OPUS (Claude) — Coordinator

Receives your requests
Decides what needs to happen
Spawns subagents for text generation tasks
Executes tools: file operations, shell commands, API calls
Validates results and reports back

GRANITE (IBM Granite 3.3 8B) — Generator

Runs locally on Ollama
Handles all text generation: Ansible playbooks, Terraform configs, Docker compose files, documentation
No tool access. Pure text output.
Zero cost per token

[IBM Granite 3.3 8B](https://huggingface.co/ibm-granite/granite-3.3-8b-instruct) is a compact, capable model available on [Ollama](https://ollama.com/library/granite3.3). It's designed for exactly this kind of work: instruction following and code generation without the overhead of a frontier model.

How It Works

Say you want to configure AWX with Authentik SSO.

You ask: "Configure AWX with Authentik SSO."
OPUS recognizes this as a config generation task.
OPUS spawns a GRANITE subagent.
GRANITE generates the Ansible playbook and Authentik provider config.
OPUS reviews the output.
OPUS writes files, runs ansible-playbook, verifies the setup.
OPUS confirms success.

In OpenClaw, spawning a subagent looks like this:

sessions_spawn({
  task: "Generate an Ansible playbook to configure AWX with Authentik SSO...",
  label: "granite-awx-sso",
  agentId: "granite"
})

GRANITE runs in isolation.
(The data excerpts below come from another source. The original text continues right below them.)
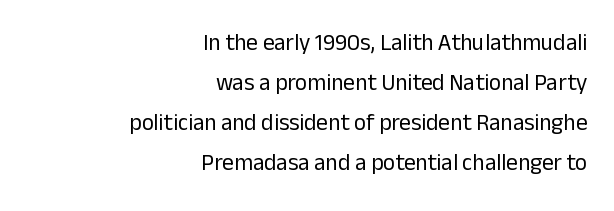
Glance below the letters and you will spot only blank space. This is the regular roman posture of the typeface. Here the glyphs are tracked normally, forming tight word shapes. The paragraph has a hard right edge and a soft left edge. The characters are drawn with everyday or finer stroke widths.
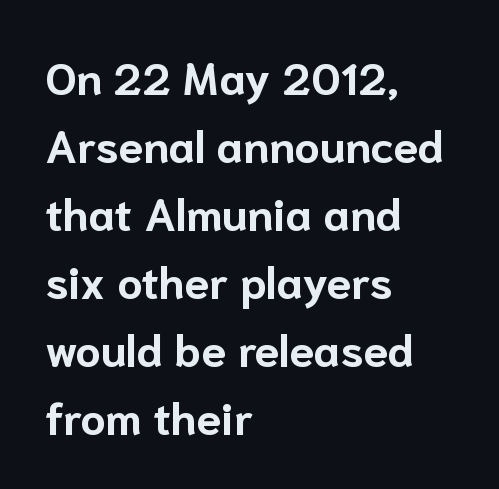
The letters are bold, with thick, heavy strokes. The glyphs are unaccompanied by any horizontal stroke below them. Character widths vary here, with narrow letters taking less room than wide ones. Every stem runs plumb, perpendicular to the baseline.
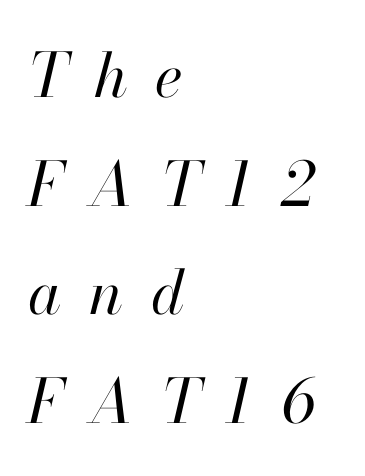
Q: Is the text bold? A: No.
Q: Is the text italic (slanted)? A: Yes, it leans right by about 13 degrees.
Q: Is the text underlined? A: No.
Q: How is the paragraph aligned? A: Left-aligned.
Q: Is the spacing between letters normal or unusually wide? A: Unusually wide.
Q: Width (condensed, normal, or wide)? A: Normal.
Q: Stroke contrast? A: High.
Q: x-height? A: Small.
Q: Monospaced? A: No.
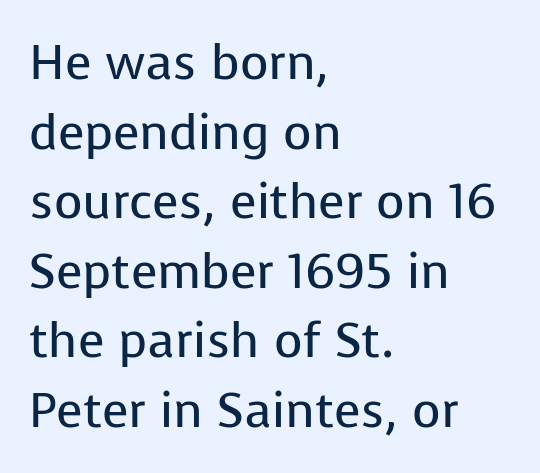
Q: Is the text bold? A: No.
Q: Is the text italic (slanted)? A: No, it is upright.
Q: Is the typeface a serif or a sans-serif typeface? A: Sans-serif.
Q: Is the text underlined? A: No.
Q: How is the paragraph aligned? A: Left-aligned.
Q: Is the spacing between letters normal or unusually wide? A: Normal.
Q: Is the spacing between lines tight, normal or loose? A: Normal.
Q: Width (condensed, normal, or wide)? A: Normal.
Q: Stroke contrast? A: Low.
Q: x-height? A: Medium.
Q: Monospaced? A: No.
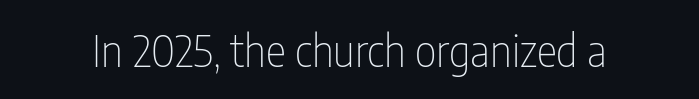
The image shows 43 px thin, condensed sans-serif type, upright; set normal letter spacing, not underlined; low stroke contrast and a medium x-height.
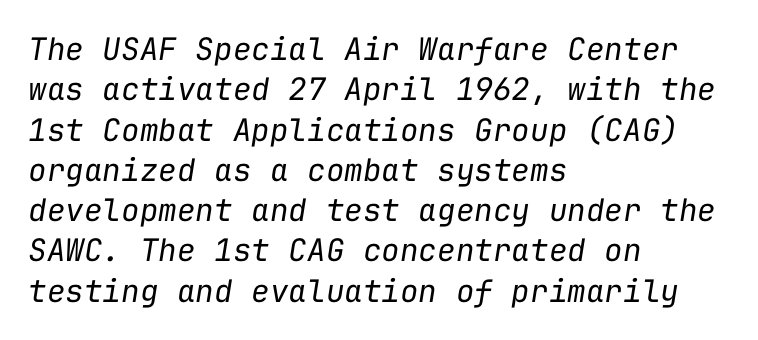
Leading matches the norm, producing a regular column. The whole block is typeset with a tilt. How are the letters spaced? Ordinarily, with no added tracking. Short and long lines alike share a common starting point at left.
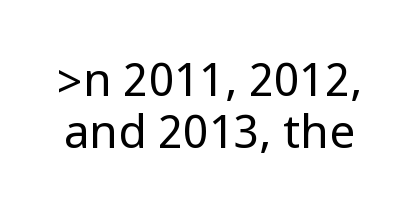
Line spacing here is tight. Heaviness? Minimal to ordinary, like unemphasized prose. The lettering holds an erect, upright posture throughout. Check under the words: just untouched page. Letterform terminals end flat and unadorned throughout the passage. The type is set solid horizontally, with unmodified tracking.
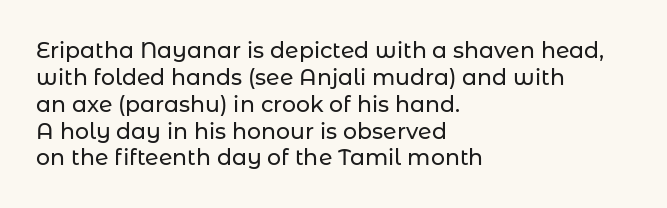
Q: Is the text italic (slanted)? A: No, it is upright.
Q: Is the text underlined? A: No.
Q: How is the paragraph aligned? A: Left-aligned.
Q: Is the spacing between letters normal or unusually wide? A: Normal.
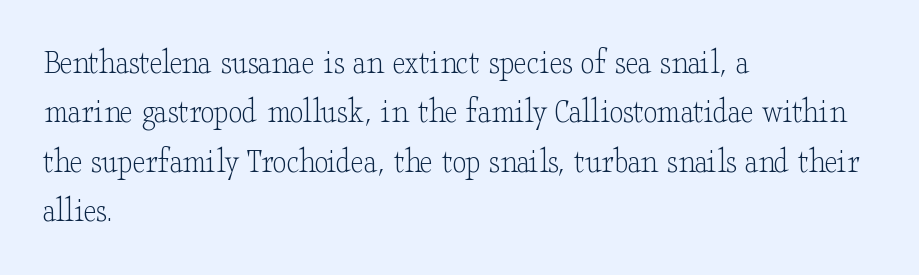
Leftover space on each line is placed entirely after the last word. The strokes carry an ordinary text weight at most. Underline: absent. The face used here is rendered with its standard letterfit.
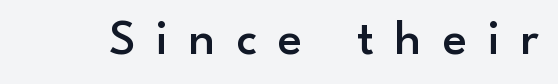
The image shows 50 px semibold sans-serif type, upright; set unusually wide letter spacing (+0.42 em), not underlined; low stroke contrast and a small x-height.
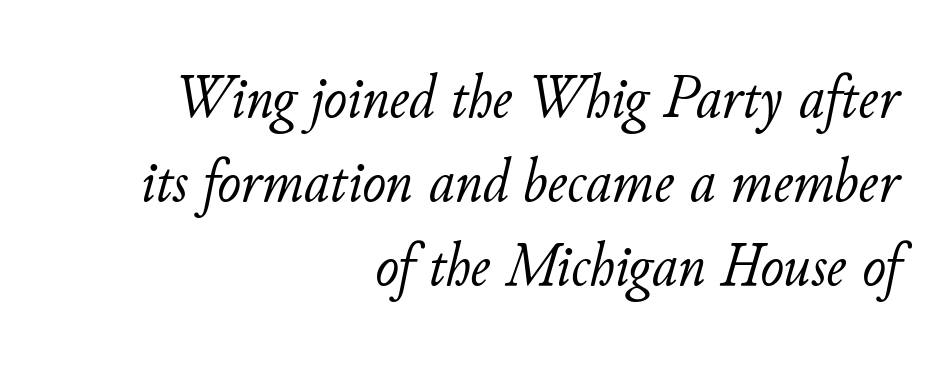
A light-to-regular cut is what we see here. The baseline area is clear. Compared with typical paragraphs, the rows here are spaced about the same. This sample has the flowing, uneven cadence of proportional lettering. The typesetter chose a ragged-left arrangement here. The whole block is typeset with a tilt.

No tools. No network access. Just text generation. When it finishes, OPUS picks up the output and executes it.

The Benefits

Cost efficiency. Text generation tasks cost $0 instead of roughly $0.30 per task with Claude alone. Over hundreds of tasks, this adds up fast.
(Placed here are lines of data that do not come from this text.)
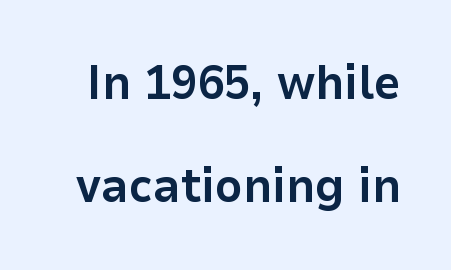
Looks like regular typesetting: each glyph gets only the width it needs. What weight is shown? A full bold with thick strokes. Summary of vertical rhythm: relaxed, with wide interline spacing. Italic? Not at all — the glyphs are vertical. A bare baseline throughout the passage.
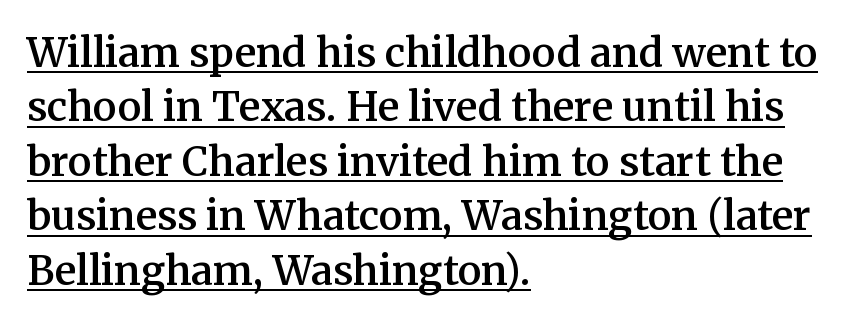
Q: Is the text bold? A: Semi-bold.
Q: Is the text italic (slanted)? A: No, it is upright.
Q: Is the typeface a serif or a sans-serif typeface? A: Serif.
Q: Is the text underlined? A: Yes.
Q: How is the paragraph aligned? A: Left-aligned.
Q: Is the spacing between letters normal or unusually wide? A: Normal.
Q: Is the spacing between lines tight, normal or loose? A: Normal.
Q: Width (condensed, normal, or wide)? A: Normal.
Q: Stroke contrast? A: Medium.
Q: x-height? A: Medium.
Q: Monospaced? A: No.
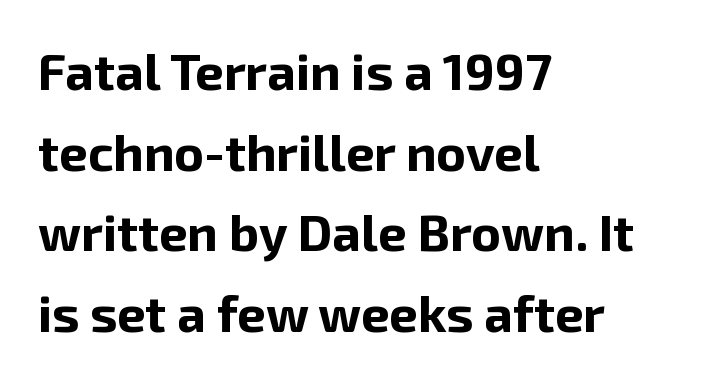
Q: Is the text bold? A: Yes.
Q: Is the text italic (slanted)? A: No, it is upright.
Q: Is the typeface a serif or a sans-serif typeface? A: Sans-serif.
Q: Is the text underlined? A: No.
Q: How is the paragraph aligned? A: Left-aligned.
Q: Is the spacing between letters normal or unusually wide? A: Normal.
Q: Is the spacing between lines tight, normal or loose? A: Normal.
Q: Width (condensed, normal, or wide)? A: Normal.
Q: Stroke contrast? A: Low.
Q: x-height? A: Medium.
Q: Monospaced? A: No.

Data security. Credentials, hostnames, internal configs stay on your network. Nothing sensitive goes to external APIs for generation tasks.

Right model for the job. Claude thinks. GRANITE writes. Both do what they're best at.

The Numbers

Here's what the cost breakdown looks like in practice:

Without delegation, every task uses Claude tokens. A typical day of infrastructure automation could easily hit $5-10 in API costs.

With delegation, GRANITE handles the bulk of text generation locally. Claude only burns tokens on coordination. The same workload drops to under $1.

That's roughly a 10x reduction in costs.

In Practice

This setup runs my entire infrastructure automation workflow. GRANITE produces Ansible playbooks, Docker configurations, documentation, and log summaries. OPUS orchestrates everything: spawning tasks, writing files, running commands, keeping me informed.

Claude's token usage stays minimal. GRANITE runs on free local compute. Every task costs a fraction of what it would otherwise.

Model delegation isn't just about saving money. It's about using each model for what it does best. And keeping your data where it belongs.